You will say, How can He [the ascended Jesus] be present to the Christian and in the Church, yet not be on earth, but on the right hand of God?

I answer, that the Christian Church is made up of faithful souls, and how can any of us say where the soul is, simply and really?

The soul indeed acts through the body, and perceives through the body; but where is it? Or what has it to do with place?

Or why should it be a thing incredible that the power of the Spirit should so visit the soul as to open upon it a Divine manifestation, which yet it perceives not, because its present perceptions are only through the body?

Who shall limit the power of the gracious Spirit of God? How know we, for instance, but that He makes Christ present with us, by making us present with Christ?

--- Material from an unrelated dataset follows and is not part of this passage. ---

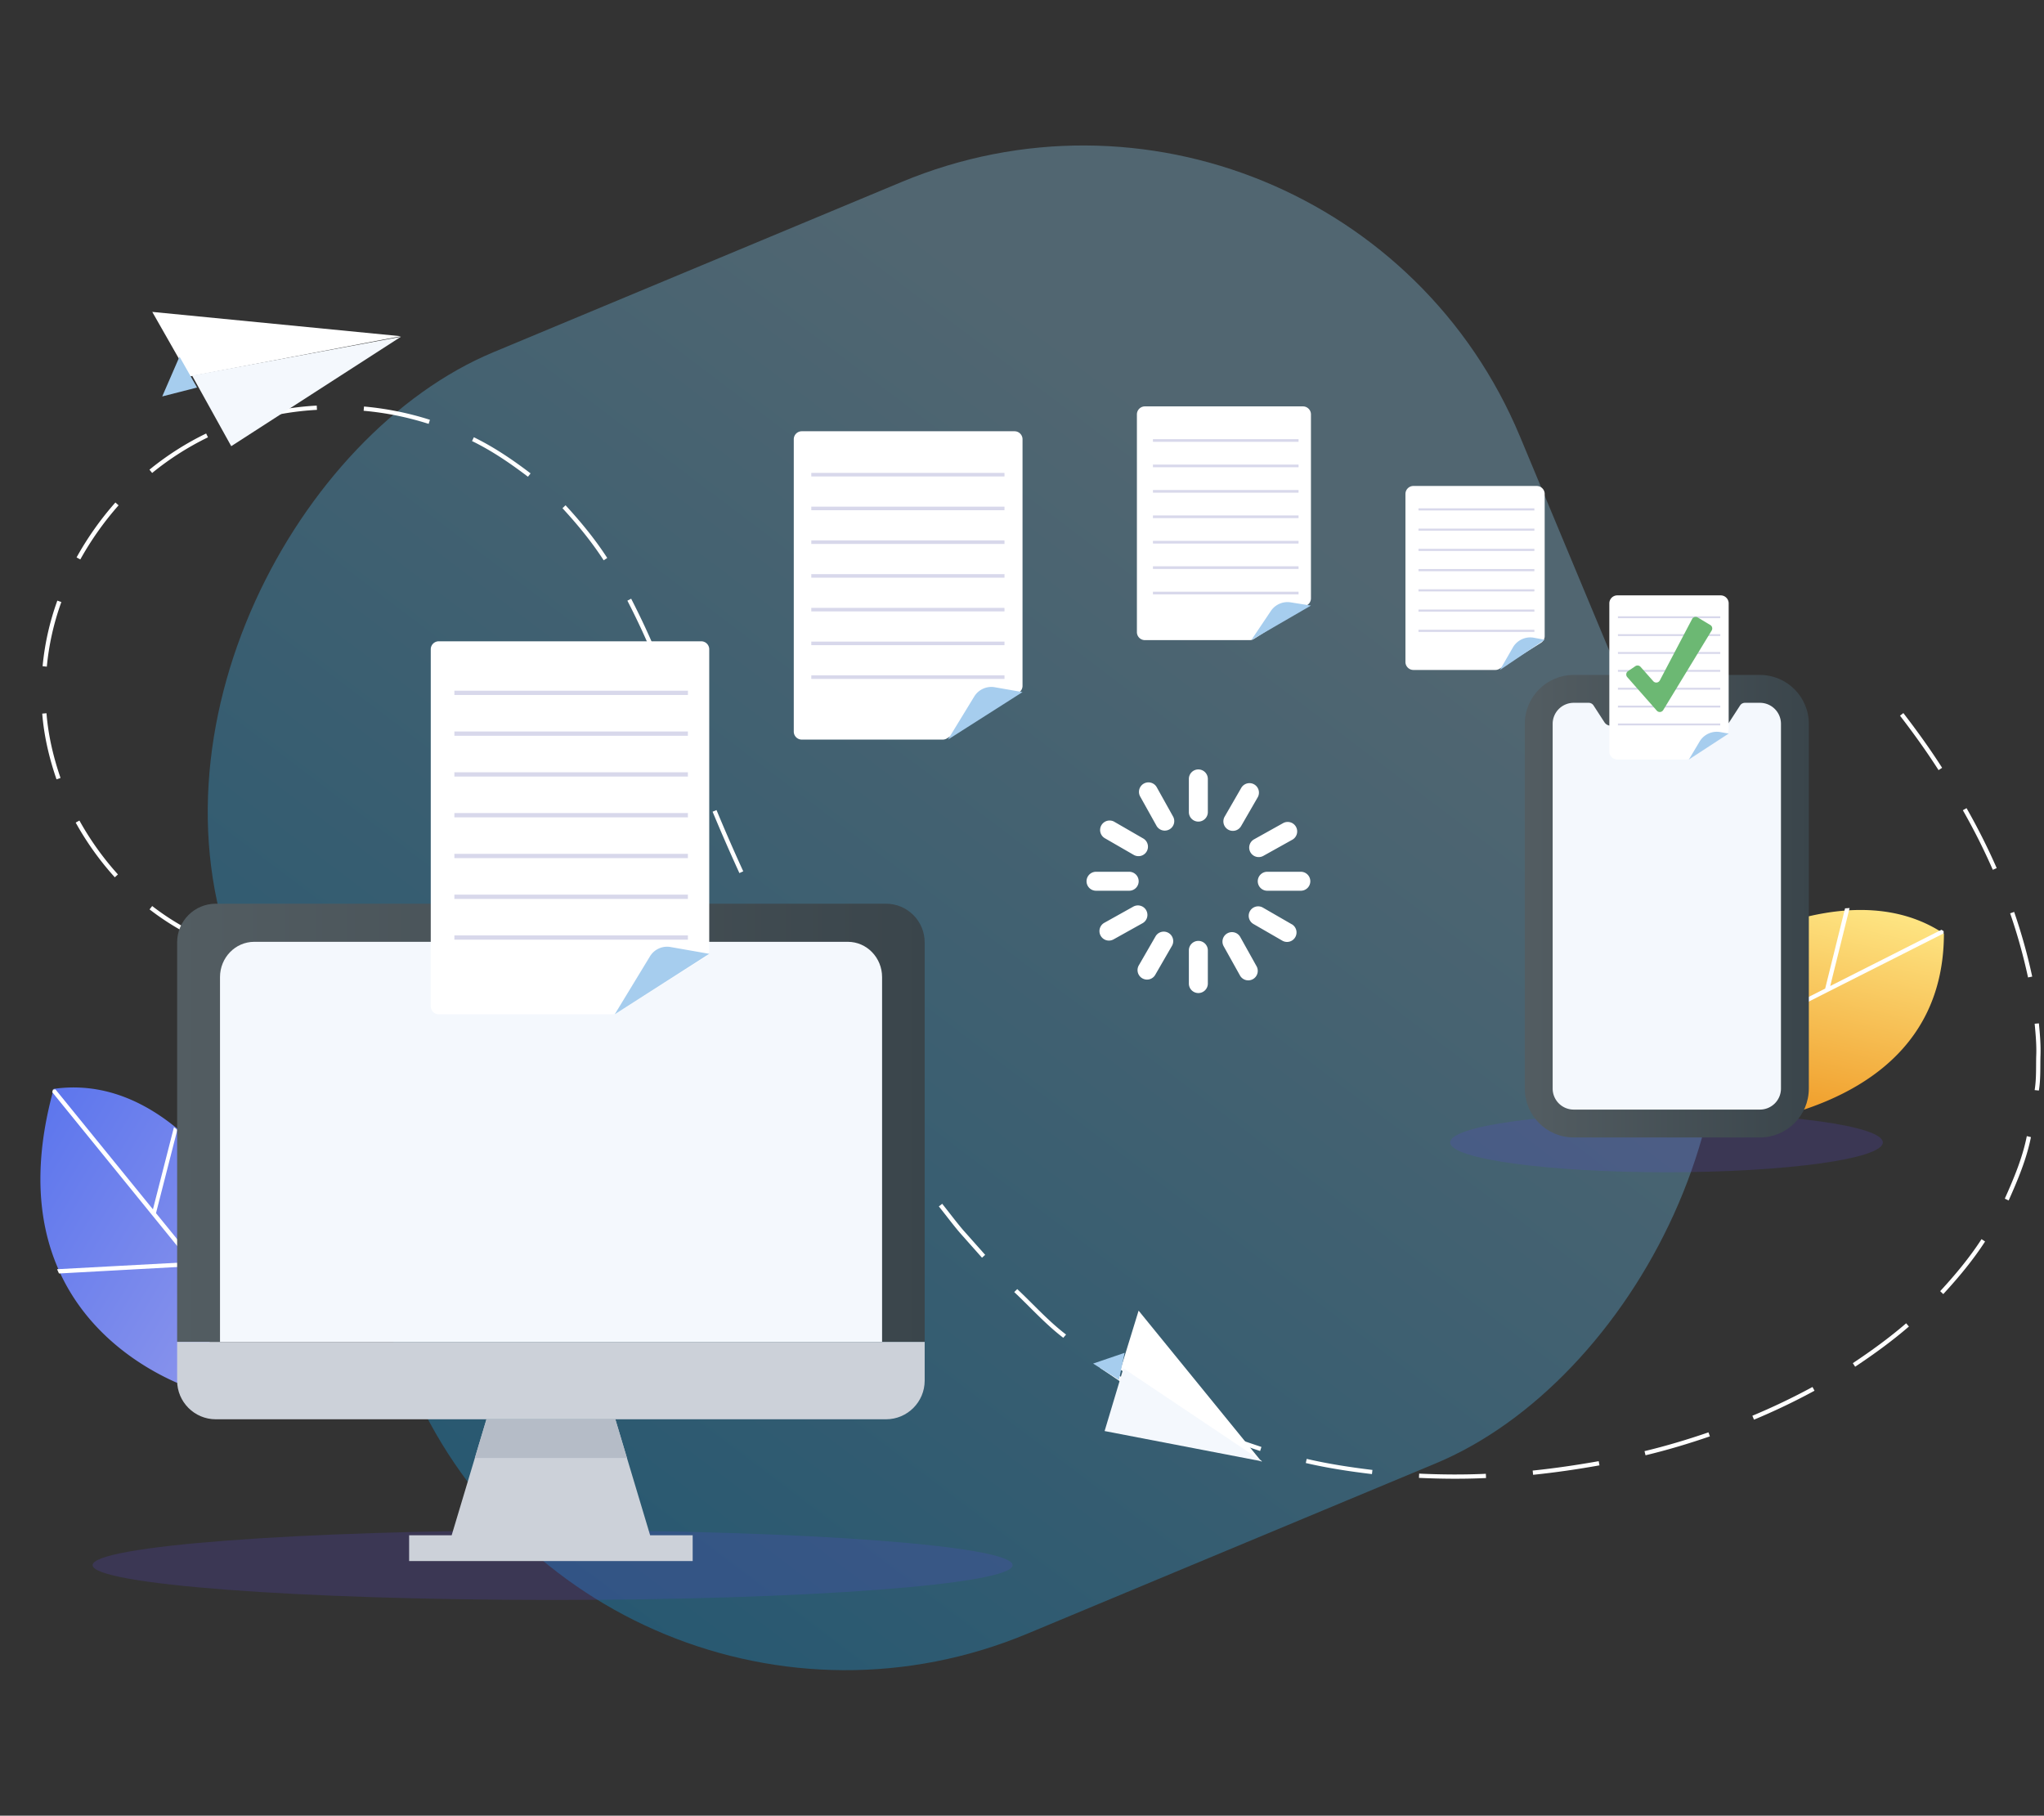 <svg width="510" height="453" fill="none" xmlns="http://www.w3.org/2000/svg"><rect width="100%" height="100%" fill="#333333" stroke="none"/><rect opacity=".3" x="333.84" width="346.371" height="346.371" rx="118" transform="rotate(67.364 333.84 0)" fill="url(#paint0_linear)"/><path d="M63.319 316.594a38.771 38.771 0 00-4.276 4.061c-2.482 2.74-4.298 6.115-5.262 9.78a24.15 24.15 0 00-2.01 11.224c-.006.42.006.824.024 1.232l-1.874 4.258s-53.46-14.513-36.523-75.482c32.99-4.671 52.637 38.706 52.637 38.706l-2.716 6.221z" fill="url(#paint1_linear)"/><path d="M38.925 302.678L56.45 324.22l-.585.975-7.568-9.304-33.578 1.838a34.438 34.438 0 01-.477-1.066l33.227-1.788L13.037 272.5l.17-.639.624-.069 24.327 29.931 5.241-20.49c.297.205.554.448.84.683l-5.314 20.762z" fill="#fff"/><path d="M432.873 235.441a24.57 24.57 0 013.962 3.458c2.678 2.503 4.683 5.556 5.817 8.859 1.686 3.106 2.534 6.49 2.464 9.83l.766 7.139c.09 4.609-1.135 9.039-3.551 12.833l-1.635 1.878c20.098-4.457 44.293-16.123 44.331-46.486-18.637-12.45-43.194-2.096-52.154 2.489z" fill="url(#paint2_linear)"/><path d="M484.93 232.299l-.51-.324-27.757 14.032 4.831-19.453-1.132.072-4.964 20.027-10.448 5.277c.081.353.162.705.22 1.06l39.771-20.099c.031-.185.01-.388.012-.587l-.023-.005zM298.991 191.97a2.368 2.368 0 00-2.356 2.367v8.281a2.367 2.367 0 004.734 0v-8.281a2.377 2.377 0 00-.697-1.678 2.367 2.367 0 00-1.681-.689zm0 42.778a2.37 2.37 0 00-2.356 2.367v8.28a2.367 2.367 0 104.734 0v-8.28c0-.312-.062-.621-.181-.909a2.367 2.367 0 00-2.197-1.458zm-14.88-14.879a2.367 2.367 0 00-2.367-2.367h-8.28a2.368 2.368 0 00-1.667 4.04 2.367 2.367 0 001.674.693h8.28a2.364 2.364 0 002.36-2.366zm40.411-2.367h-8.28a2.367 2.367 0 100 4.733h8.28a2.367 2.367 0 100-4.733zm-48.818-8.35l7.174 4.14a2.374 2.374 0 001.797.238 2.366 2.366 0 00.57-4.336l-7.174-4.141a2.358 2.358 0 00-2.648.148 2.36 2.36 0 00-.914 1.584 2.355 2.355 0 00.486 1.762c.194.247.435.452.709.605zm46.58 21.433l-7.174-4.14a2.369 2.369 0 00-3.234.867 2.368 2.368 0 00.867 3.22l7.174 4.14a2.362 2.362 0 002.649-.147 2.37 2.37 0 00-.282-3.951v.011zm-30.734 2.171a2.363 2.363 0 00-3.232.865l-4.14 7.177a2.376 2.376 0 00-.323.882 2.374 2.374 0 001.158 2.405 2.364 2.364 0 003.264-.923l4.14-7.174a2.37 2.37 0 00-.867-3.232zm14.882-25.773a2.366 2.366 0 003.232-.867l4.14-7.174a2.38 2.38 0 00.237-1.796 2.37 2.37 0 00-1.102-1.438 2.372 2.372 0 00-3.234.867l-4.14 7.174a2.37 2.37 0 00.867 3.234zm-17.808-10.564a2.357 2.357 0 00-1.42-1.128 2.367 2.367 0 00-2.506.805 2.37 2.37 0 00-.215 2.623l4.035 7.236a2.369 2.369 0 104.14-2.3l-4.034-7.236zm20.835 37.361a2.367 2.367 0 00-3.221-.92 2.369 2.369 0 00-.92 3.22l4.035 7.236a2.369 2.369 0 104.14-2.3l-4.034-7.236zm-23.464-6.664a2.37 2.37 0 00-3.22-.92l-7.234 4.037a2.37 2.37 0 00.499 4.348 2.367 2.367 0 001.801-.208l7.234-4.034a2.374 2.374 0 001.129-1.42 2.374 2.374 0 00-.209-1.803zm25.992-14.493a2.369 2.369 0 003.22.92l7.236-4.034a2.367 2.367 0 10-2.3-4.14l-7.234 4.036a2.362 2.362 0 00-.922 3.218zm-75.692-28.411a1.997 1.997 0 01-1.075.314h-35.165a2 2 0 01-2-2v-72.93a2 2 0 012-2h53.077a2 2 0 012 2v61.52c0 .684-.349 1.32-.926 1.687l-17.911 11.409z" fill="#fff"/><path opacity=".5" d="M250.629 117.989h-48.204v.885h48.204v-.885zm0 8.418h-48.204v.886h48.204v-.886zm0 8.418h-48.204v.886h48.204v-.886zm0 8.417h-48.204v.885h48.204v-.885zm0 8.418h-48.204v.886h48.204v-.886zm0 8.419h-48.204v.885h48.204v-.885zm0 8.418h-48.204v.886h48.204v-.886z" fill="#B3B3D9"/><path d="M236.52 184.525l6.561-10.743a5 5 0 015.128-2.319l6.923 1.21-18.612 11.852z" fill="#A6CDEE"/><path d="M37.974 226.051a64.187 64.187 0 0014.247 8.327l-.411.984a65.336 65.336 0 01-14.491-8.471l.655-.84zM19.817 204.72a72.622 72.622 0 009.61 13.446l-.786.716a73.698 73.698 0 01-9.755-13.649l.931-.513zm-8.218-26.769c.434 5.506 1.709 10.925 3.505 16.14l-1.003.349c-1.824-5.29-3.121-10.799-3.563-16.397l1.06-.092zm3.71-27.745a65.068 65.068 0 00-3.623 16.12l-1.058-.104a66.116 66.116 0 013.68-16.37l1 .354zm14.279-24.13a76.67 76.67 0 00-9.55 13.506l-.932-.513a77.73 77.73 0 019.684-13.704l.798.711zm22.304-16.968a71.49 71.49 0 00-13.93 8.896l-.671-.821a72.289 72.289 0 0114.144-9.028l.457.953zm27.195-6.852a73.334 73.334 0 00-16.308 2.76l-.292-1.024a74.465 74.465 0 0116.54-2.799l.06 1.063zm27.864 3.498a75.058 75.058 0 00-16.223-3.268l.099-1.059a76.103 76.103 0 0116.444 3.313l-.32 1.014zm24.777 13.191c-4.398-3.353-8.971-6.47-13.953-8.903l.46-.953c5.054 2.475 9.709 5.629 14.153 9.024l-.66.832zm18.898 20.853c-3.009-4.655-6.537-8.938-10.282-13.002l.768-.734c3.791 4.113 7.361 8.448 10.401 13.15l-.887.586zm12.862 25.187c-2.07-5.159-4.414-10.19-6.949-15.119l.943-.494c2.551 4.975 4.918 10.035 6.99 15.208l-.984.405zm10.017 26.587l-5.771-15.666.996-.37 5.771 15.664-.996.372zm10.983 26.258a471.964 471.964 0 01-6.691-15.316l.982-.405a463.713 463.713 0 006.671 15.28l-.962.441zm12.598 25.518a676.162 676.162 0 01-7.59-14.896l.954-.46a609.526 609.526 0 007.563 14.862l-.927.494zm14.13 24.704l-8.494-14.395.924-.522 8.474 14.36-.904.557zm15.885 23.613c-3.163-4.587-6.554-9.024-9.53-13.737l.886-.584c2.971 4.699 6.35 9.12 9.501 13.693l-.857.628zm17.92 22.13l-5.557-6.259c-1.804-2.123-3.467-4.37-5.21-6.539l.833-.661c1.736 2.169 3.395 4.403 5.191 6.517l5.534 6.228-.791.714zm20.278 19.976c-4.451-3.39-8.175-7.591-12.237-11.402l.752-.747c4.046 3.797 7.752 7.972 12.177 11.342l-.692.807zm23.063 16.713c-4.759-2.908-9.306-6.171-13.968-9.24l.635-.853c4.632 3.045 9.145 6.288 13.869 9.175l-.536.918zm26.054 11.537c-5.29-1.773-10.627-3.535-15.577-6.141l.46-.964c4.907 2.586 10.197 4.329 15.443 6.091l-.326 1.014zm27.901 5.758c-5.541-.661-11.068-1.502-16.51-2.761l.23-1.035c5.4 1.256 10.895 2.094 16.4 2.761l-.12 1.035zm28.464.984c-5.574.264-11.163.214-16.736-.039l.05-1.063c5.541.253 11.096.301 16.642.042l.044 1.06zm28.303-3.163c-5.493.98-11.015 1.787-16.561 2.356l-.106-1.056c5.52-.568 11.013-1.38 16.478-2.346l.189 1.046zm27.548-7.231c-5.276 1.81-10.629 3.418-16.055 4.715l-.255-1.03c5.396-1.293 10.719-2.889 15.965-4.69l.345 1.005zm26.11-11.391a162.885 162.885 0 01-15.101 7.225l-.409-.98a163.706 163.706 0 0015.004-7.176l.506.931zm23.555-16.018c-4.232 3.655-8.768 6.935-13.416 10.031l-.58-.89c4.614-3.073 9.111-6.325 13.304-9.948l.692.807zm19.002-21.212c-3.043 4.704-6.645 9.012-10.434 13.123l-.77-.732c3.749-4.069 7.312-8.329 10.318-12.977l.886.586zm11.445-26.042c-1.097 5.507-3.291 10.712-5.568 15.814l-.959-.46c2.247-5.038 4.418-10.172 5.495-15.607l1.032.253zm1.985-28.383c.26 2.788.517 5.573.384 8.379-.053 2.797.057 5.603-.389 8.38l-1.058-.104c.444-2.737.331-5.52.384-8.28.134-2.761-.122-5.521-.379-8.281l1.058-.094zm-6.176-27.804a139.255 139.255 0 014.506 16.137l-1.042.212a138.158 138.158 0 00-4.466-15.998l1.002-.351zm-11.877-25.888a159.582 159.582 0 017.521 14.95l-.971.431a158.058 158.058 0 00-7.475-14.862l.925-.519zm-15.766-23.724c3.402 4.423 6.671 8.954 9.672 13.656l-.892.579c-2.99-4.678-6.236-9.186-9.619-13.584l.839-.651zM37.993 77.817l62.04 6.067-52.85 10.064-9.19-16.13z" fill="#fff"/><path opacity=".2" d="M252.65 390.498c0 4.796-51.381 8.684-114.771 8.684-63.391 0-114.775-3.889-114.775-8.684s51.38-8.687 114.773-8.687c63.392 0 114.773 3.887 114.773 8.687z" fill="#5C49D8"/><path d="M47.92 93.695l9.776 17.624 42.337-27.298-52.113 9.674z" fill="#F4F8FD"/><path d="M44.788 88.985l-4.313 9.926 8.685-2.223-4.372-7.703z" fill="#A6CDEE"/><path d="M284.095 327l30.728 37.733-35.263-23.004A7425.87 7425.87 0 00284.095 327z" fill="#fff"/><path d="M280.306 341.386l-4.695 15.653 39.334 7.571-34.639-23.224z" fill="#F4F8FD"/><path d="M280.607 337.524l-7.868 2.68 6.458 4.061 1.41-6.741z" fill="#A6CDEE"/><path d="M312.886 159.398c-.32.204-.692.312-1.071.312H285.67a2 2 0 01-2-2v-54.318a2 2 0 012-2h39.428a2 2 0 012 2v45.886a2 2 0 01-.928 1.688l-13.284 8.432z" fill="#fff"/><path opacity=".5" d="M324.001 109.566h-36.326v.667h36.326v-.667zm0 6.344h-36.326v.667h36.326v-.667zm0 6.346h-36.326v.667h36.326v-.667zm0 6.344h-36.326v.667h36.326v-.667zm0 6.344h-36.326v.667h36.326v-.667zm0 6.344h-36.326v.667h36.326v-.667zm0 6.343h-36.326v.667h36.326v-.667z" fill="#B3B3D9"/><path d="M312.208 159.71l4.887-7.276a5.002 5.002 0 014.935-2.15l5.068.805-14.89 8.621z" fill="#A6CDEE"/><path d="M374.139 166.851a2.005 2.005 0 01-1.06.303h-20.406a2 2 0 01-2-2v-41.909a2 2 0 012-2h30.742a2 2 0 012 2v35.456a2 2 0 01-.941 1.696l-10.335 6.454z" fill="#fff"/><path opacity=".5" d="M382.843 126.828h-28.915v.531h28.915v-.531zm-.001 5.048h-28.915v.532h28.915v-.532zm0 5.051h-28.915v.532h28.915v-.532zm0 5.049h-28.915v.532h28.915v-.532zm0 5.049h-28.915v.531h28.915v-.531zm0 5.049h-28.915v.531h28.915v-.531zm0 5.049h-28.915v.531h28.915v-.531z" fill="#B3B3D9"/><path d="M374.248 167.155l3.236-5.62a4.998 4.998 0 015.244-2.421l2.687.498-11.167 7.543z" fill="#A6CDEE"/><path d="M162.22 383.049l-8.684-28.943h-32.158l-8.684 28.943h-10.612v6.431h70.749v-6.431H162.22z" fill="#CCD1D9"/><path d="M156.43 363.754l-2.894-9.648h-32.159l-2.893 9.648h37.946z" fill="#B5BCC7"/><path d="M53.845 225.472c-5.328 0-9.648 4.319-9.648 9.647v99.692h186.52v-99.692c0-5.328-4.32-9.647-9.648-9.647H53.845z" fill="url(#paint3_linear)"/><path d="M63.438 234.979c-4.719 0-8.544 3.945-8.544 8.809v91.023H220.09v-91.023c0-4.864-3.826-8.809-8.545-8.809H63.438z" fill="#F4F8FD"/><path d="M44.197 334.811v9.647c0 5.328 4.32 9.648 9.648 9.648h167.224c5.328 0 9.648-4.32 9.648-9.648v-9.647H44.197z" fill="#CCD1D9"/><path d="M153.927 252.749c-.32.203-.691.31-1.07.31h-43.379a2 2 0 01-2-2V162a2 2 0 012-2h65.484a2 2 0 012 2v75.065a2 2 0 01-.93 1.69l-22.105 13.994z" fill="#fff"/><path opacity=".5" d="M171.641 172.326h-58.268v1.07h58.268v-1.07zm-.001 10.176h-58.267v1.07h58.267v-1.07zm0 10.176h-58.267v1.069h58.267v-1.069zm0 10.176h-58.267v1.069h58.267v-1.069zm0 10.173h-58.267v1.07h58.267v-1.07zm0 10.176h-58.267v1.069h58.267v-1.069zm0 10.176h-58.267v1.069h58.267v-1.069z" fill="#B3B3D9"/><path d="M153.387 253.059l8.786-14.453a4.998 4.998 0 015.136-2.328l9.653 1.694-23.575 15.087z" fill="#A6CDEE"/><path opacity=".2" d="M469.789 285.028c0 4.112-24.165 7.446-53.975 7.446-29.809 0-53.974-3.334-53.974-7.446 0-4.111 24.165-7.443 53.974-7.443 29.81 0 53.975 3.332 53.975 7.443z" fill="#5C49D8"/><path d="M451.322 271.586c0 6.739-5.463 12.203-12.203 12.203h-46.464c-6.74 0-12.203-5.464-12.203-12.203v-90.988c0-6.739 5.463-12.203 12.203-12.203h46.465c6.739 0 12.203 5.464 12.203 12.203v90.988h-.001z" fill="url(#paint4_linear)"/><path d="M444.37 271.587a5.25 5.25 0 01-5.25 5.25h-46.465a5.25 5.25 0 01-5.25-5.251v-90.987a5.25 5.25 0 015.25-5.25h3.735c.491 0 .948.248 1.215.66l2.716 4.188c.35.54.949.865 1.592.865h27.949c.643 0 1.242-.326 1.592-.865l2.716-4.188c.267-.412.724-.66 1.215-.66h3.735c2.9 0 5.25 2.35 5.25 5.25v90.988z" fill="#F4F8FD"/><path d="M424.347 176.623H407.25a1.738 1.738 0 010-3.477h17.097a1.738 1.738 0 110 3.477z" fill="#B5BCC7"/><path d="M421.74 189.166c-.325.21-.703.323-1.09.323h-17.105a2 2 0 01-2-2v-36.947a2 2 0 012-2h25.779a2 2 0 012 2v31.309a2 2 0 01-.91 1.677l-8.674 5.638z" fill="#fff"/><path opacity=".5" d="M429.225 153.764h-25.529v.47h25.529v-.47zm0 4.458h-25.529v.469h25.529v-.469zm0 4.458h-25.529v.469h25.529v-.469zm0 4.46h-25.529v.469h25.529v-.469zm0 4.457h-25.529v.469h25.529v-.469zm0 4.458h-25.529v.469h25.529v-.469zm0 4.458h-25.529v.469h25.529v-.469z" fill="#B3B3D9"/><path d="M421.398 189.489l2.669-4.476a5 5 0 015.173-2.362l2.084.371-9.926 6.467z" fill="#A6CDEE"/><path d="M409.335 166.377a1 1 0 00-1.31-.164l-1.819 1.234a1 1 0 00-.189 1.488l7.369 8.367a1 1 0 001.605-.141l12.087-19.849a1 1 0 00-.34-1.378l-3.142-1.884a1 1 0 00-1.4.392l-8.052 15.318a1 1 0 01-1.634.198l-3.175-3.581z" fill="#6CB873"/><defs><linearGradient id="paint0_linear" x1="470.688" y1="48.012" x2="647.429" y2="350.448" gradientUnits="userSpaceOnUse"><stop stop-color="#95DCFF"/><stop offset="1" stop-color="#0AF"/></linearGradient><linearGradient id="paint1_linear" x1="4.505" y1="286.483" x2="64.662" y2="322.588" gradientUnits="userSpaceOnUse"><stop stop-color="#5D76ED"/><stop offset="1" stop-color="#8A94EC"/></linearGradient><linearGradient id="paint2_linear" x1="460.791" y1="225.1" x2="447.866" y2="281.093" gradientUnits="userSpaceOnUse"><stop stop-color="#FEE583"/><stop offset="1" stop-color="#EF9925"/></linearGradient><linearGradient id="paint3_linear" x1="43.611" y1="275.843" x2="231.303" y2="275.843" gradientUnits="userSpaceOnUse"><stop stop-color="#535D62"/><stop offset="1" stop-color="#3A454B"/></linearGradient><linearGradient id="paint4_linear" x1="380.229" y1="221.556" x2="451.546" y2="221.556" gradientUnits="userSpaceOnUse"><stop stop-color="#535D62"/><stop offset="1" stop-color="#3A454B"/></linearGradient></defs></svg>

As the earth goes round the sun, yet the sun is said to move, so our souls, in fact, may be taken up to Christ, when He is said to come to us.

But no need to insist on one mode in which the mystery may be conceived, when ten thousand ways are possible with God, of which we know nothing.

Scripture says enough to show us that influences may be exerted upon the soul so marvellous, that we cannot decide whether the soul remains in the body or not, while subjected to them.

St. Paul, speaking of himself, says, “Whether in the body, I cannot tell, or whether out of the body, I cannot tell; God knoweth: … caught up to the third heaven.”

And he repeats his statement: “I knew such a man,” meaning himself, “whether in the body I cannot tell, or out of the body I cannot tell, God knoweth: how that he was caught up into Paradise, and heard unspeakable words which it is not lawful for a man to utter.”

St. Paul was brought into Paradise, yet his body remained where it was; and whether his soul was separated from it, was a question which he could not decide.

How can we pretend to decide what the Holy Spirit may or may not do towards faithful souls now, and whether He does not manifest Christ to and in them, by bringing them to Christ?

Again; consider Satan’s power in showing our Lord all the kingdoms of the world “in a moment of time;” may not the Almighty Spirit much more do with us, what the evil one did with our Lord?

May He not in less than a moment bring our souls into God’s presence, while our bodies are on earth?

John Henry Cardinal Newman (1801-1890): Parochial and Plain Sermons, vol. 6,Sermon 10. The Spiritual Presence of Christ in the Church.